Sure, and this thread evidences that there are other people who exist apart from you who handwave or ignore a lot of SVM in their games. That's why listening to the de facto state of game rules is important and valuable for understanding how games are actually played.
 

Parmandur

Book-Friend
Sure, and this thread evidences that there are other people who exist apart from you who handwave or ignore a lot of SVM in their games. That's why listening to the de facto state of game rules is important and valuable for understanding how games are actually played.

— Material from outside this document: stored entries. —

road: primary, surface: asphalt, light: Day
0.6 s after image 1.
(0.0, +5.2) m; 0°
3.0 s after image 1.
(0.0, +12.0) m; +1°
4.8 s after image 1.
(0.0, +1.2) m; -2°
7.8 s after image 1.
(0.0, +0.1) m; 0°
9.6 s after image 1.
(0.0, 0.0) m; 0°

Some games, at least. The way 5E works, if a table ignores a particular part of the rules, the game can keep on ticking just fine. Doesn't necessarily have any bearing on what the designers have to work with for the main game. It's easy enough to ignore eht Encounter guidelines, for instance, which throws the Class balance out of whack, but the game keeps going, and that some tables play that way doesn't have any bearing on future Subclass design.
 

Maxperson

Morkus from Orkus
Sure, but again, it's a theoretical construct. Your impact on what the designers will actually end up doing is obviously immaterial.
I think the designers understand that most tables use them. Put a silence spell around a wizard and what table is just going to allow them to cast anyway? Maybe a very few, but the rest understand that verbal is a component and play with it. Take away a wizard's access to his spell components and barring something special, tables play with material components and will keep that wizard from casting spells requiring them. I've never seen a DM fail to describe a wizard using components during dramatic moments or at least some battles when facing them. Apparently you don't, but I doubt this is a very common practice. I've experienced lots of DMs over the decades. When someone wants to try and see who cast a spell, there is typically a roll to see or hear the spells being cast. If you truly do not use components, it would be nearly impossible to tell who just charmed the fighter.

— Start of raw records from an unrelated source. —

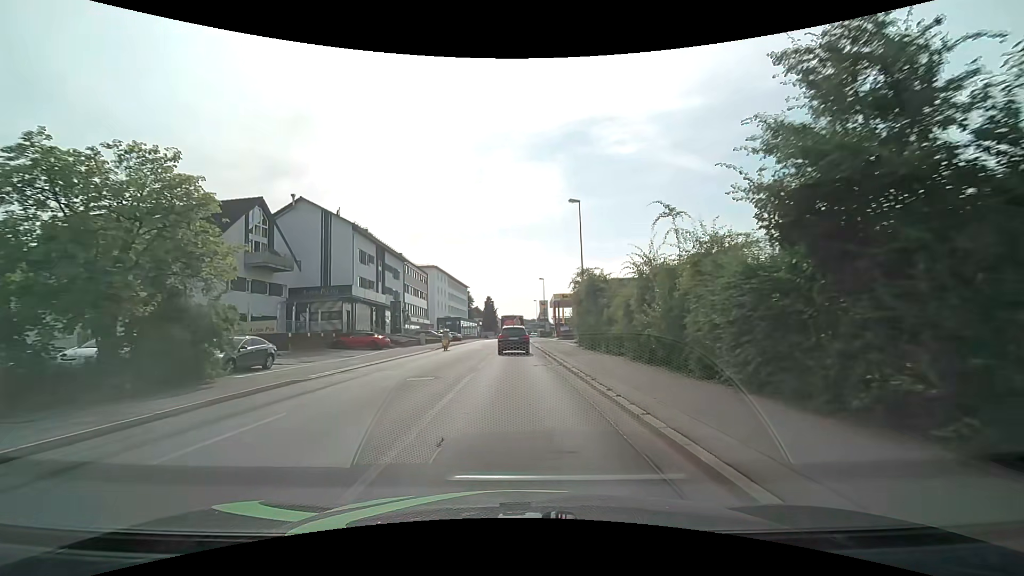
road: tertiary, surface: asphalt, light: Day
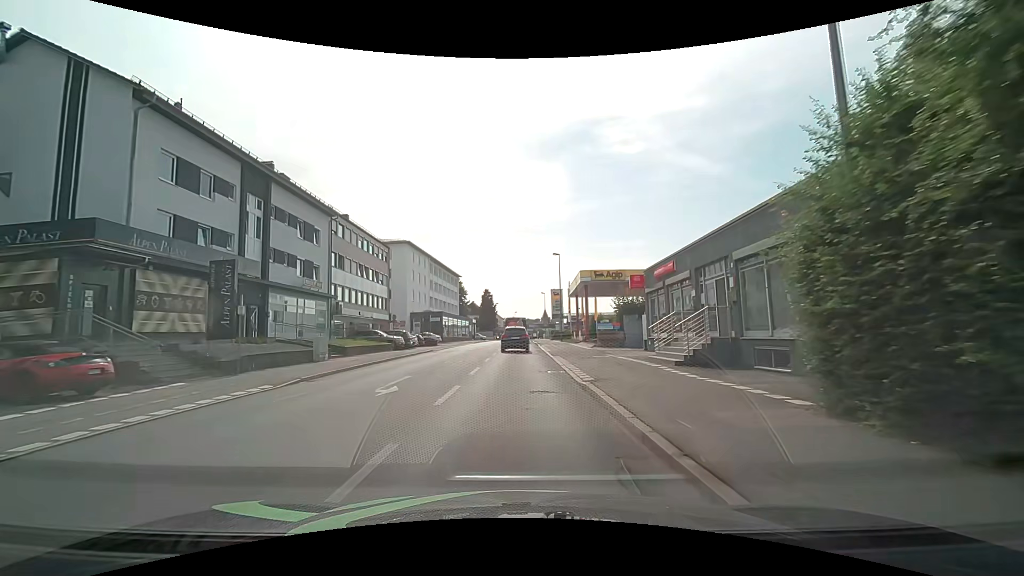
(+0.1, +27.8) m; 0°
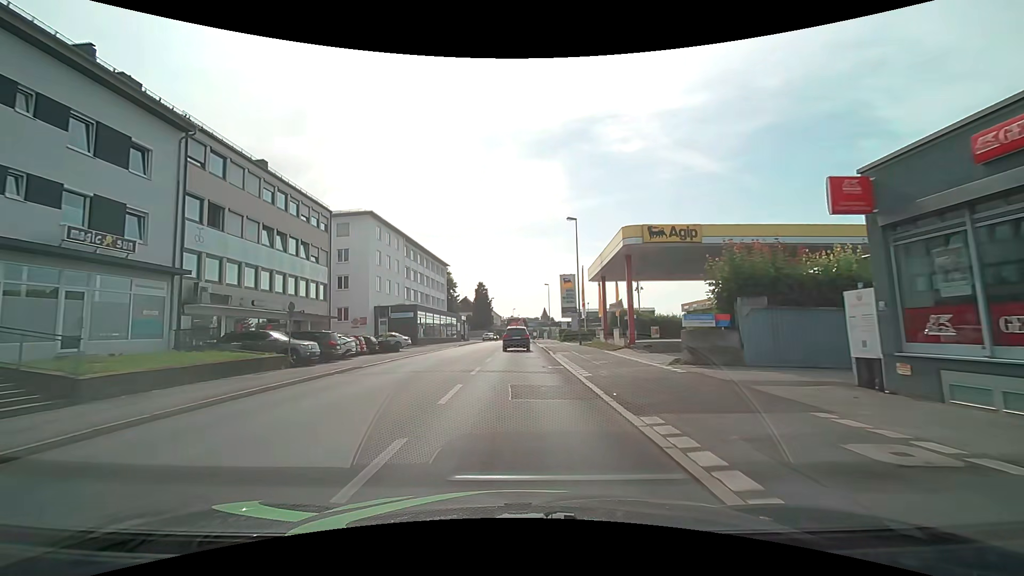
(0.0, +18.1) m; 0°
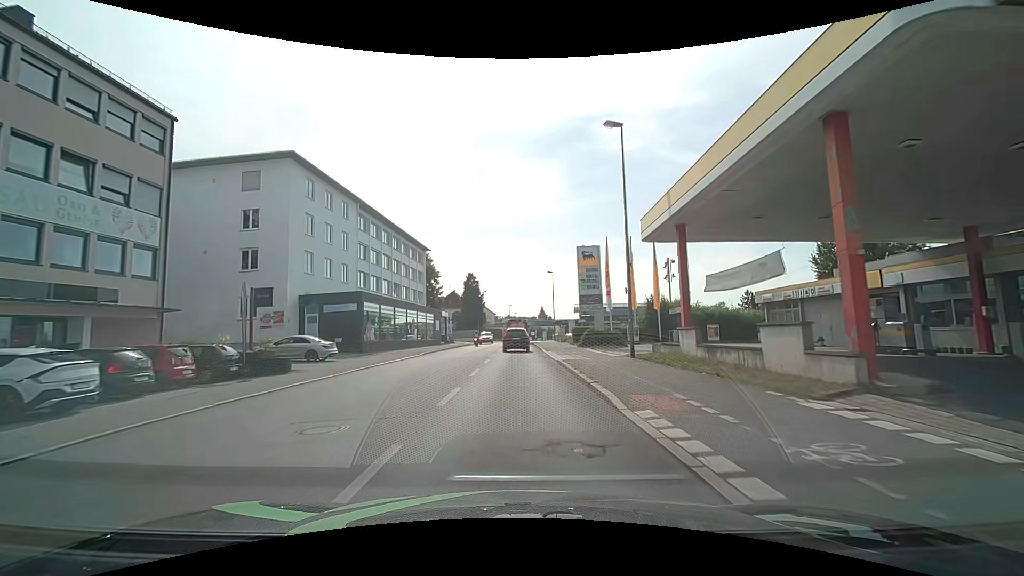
(+0.1, +18.6) m; +1°
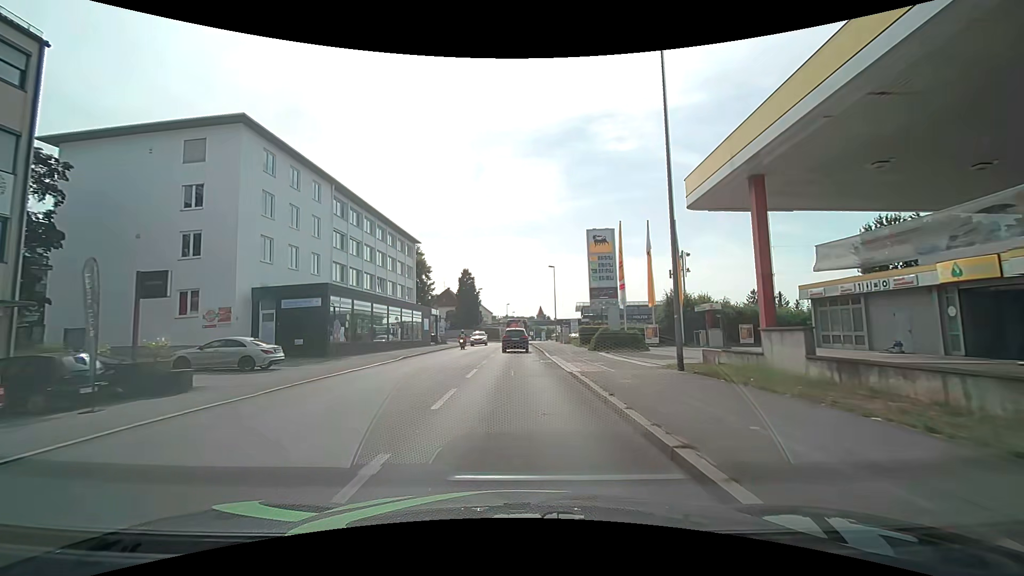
(-0.1, +6.3) m; -1°
(0, +10) (0, +20) (0, +30) (0, +40) (0, +50) (+1, +60) (+1, +70) (+2, +80) (+2, +90) (+3, +100) m

The overwhelming majority of tables use components to some degree, which makes being a Psion who does not use them an advantage.
 


"Most"? Sez who...?

People can only go by their experience and best guess, and I don't think there's any research on whether people ignore spell components, but from my experience and from all discussion of D&D, for the last thirty years, on all formats, with all people, I think it's fair to say "Over 51% of (hence "most") groups ignore spell components outside of extremely specific situations". Is that a guess, not a fact? Yeah absolutely, but it's the result of my experience and reading an awful lot of discussion on this topic over a very, very long time.

Those specific situations would be:

1) The caster is affected by Silence. (V)

2) When the caster is tied up and has had their stuff taken away. (S)

3) When a material component costs a lot of money. (M)

Just look at any thread where people get talking about how spell focuses actually, RAW, work and so on on the 5E reddit or even places like here or GitP, and it really quickly becomes obvious that most people just go with "what makes sense to them", and totally ignore the RAW aside from the above (some go further and just start making up their own rules which don't correspond with the RAW). The 5E reddit is usually particularly full of "What really? That's dumb..." about how spell components are supposed to work (particularly re: focuses), and whilst it's still far more "hardcore" than your average D&D group, is at least somewhat more reflective of the general audience. And they sure aren't following these rules tightly.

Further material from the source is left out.